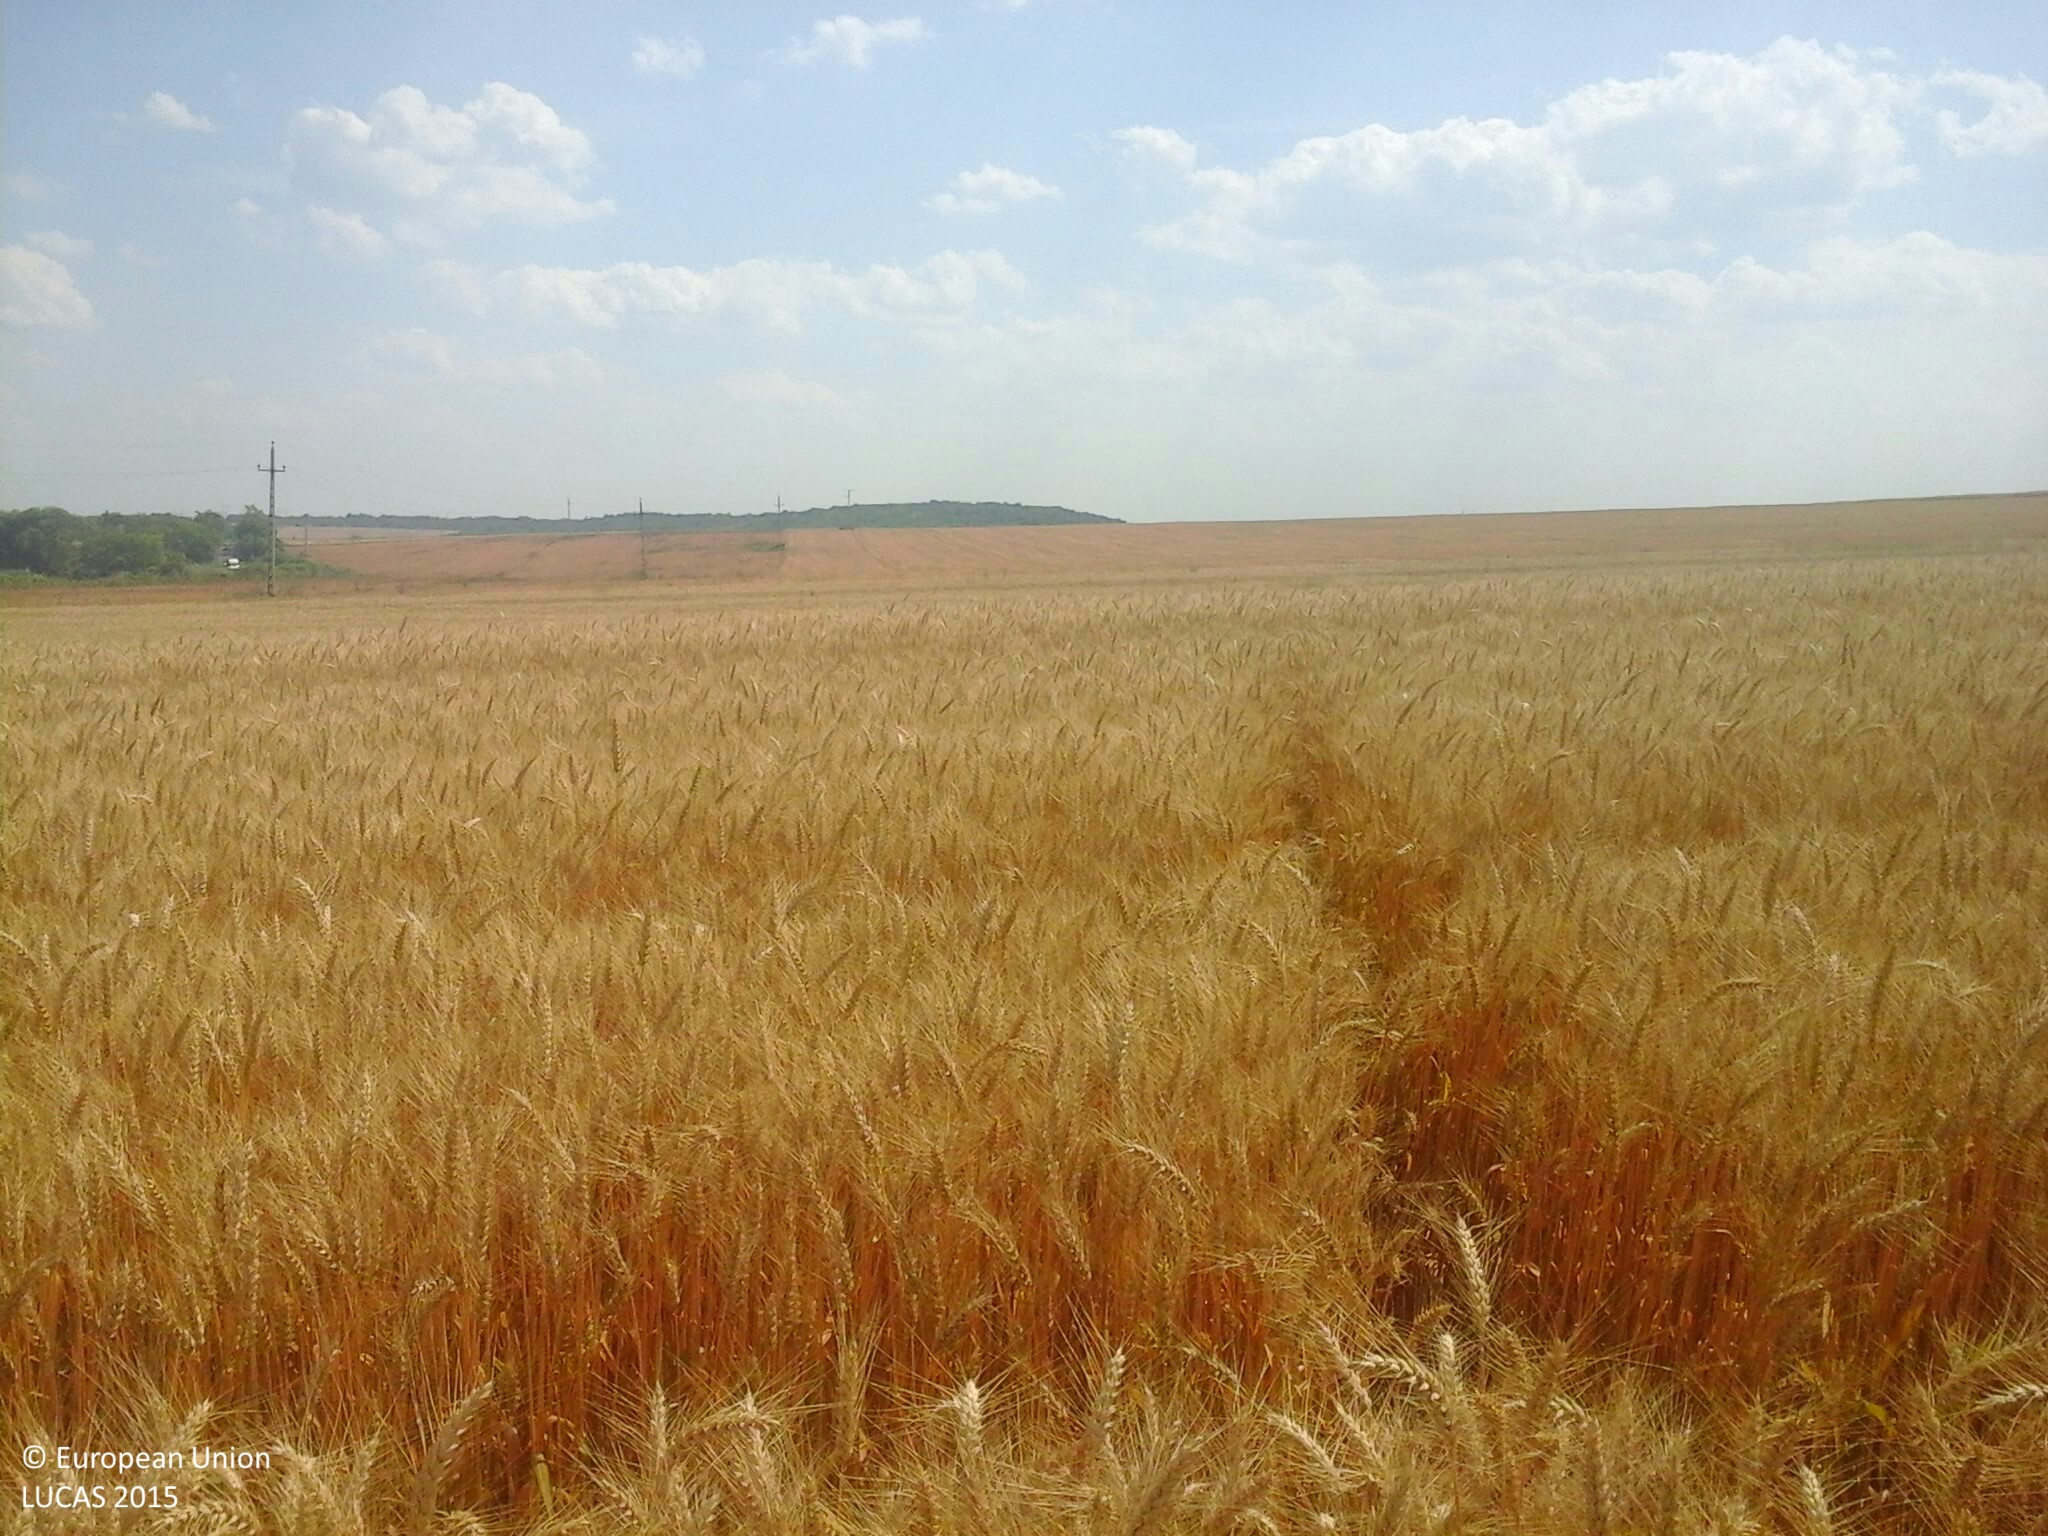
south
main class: Cropland
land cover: Common wheat
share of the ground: > 75 %
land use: Agriculture (excluding fallow land and kitchen gardens)
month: July
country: HU
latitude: 47.7825
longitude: 19.2160

--------

**ACTION ITEM**
Retype the records exactly, but skip the pictures.

**EXERCISE RESULT**
south
main class: Cropland
land cover: Common wheat
share of the ground: > 75 %
land use: Agriculture (excluding fallow land and kitchen gardens)
month: July
country: HU
latitude: 47.7825
longitude: 19.2160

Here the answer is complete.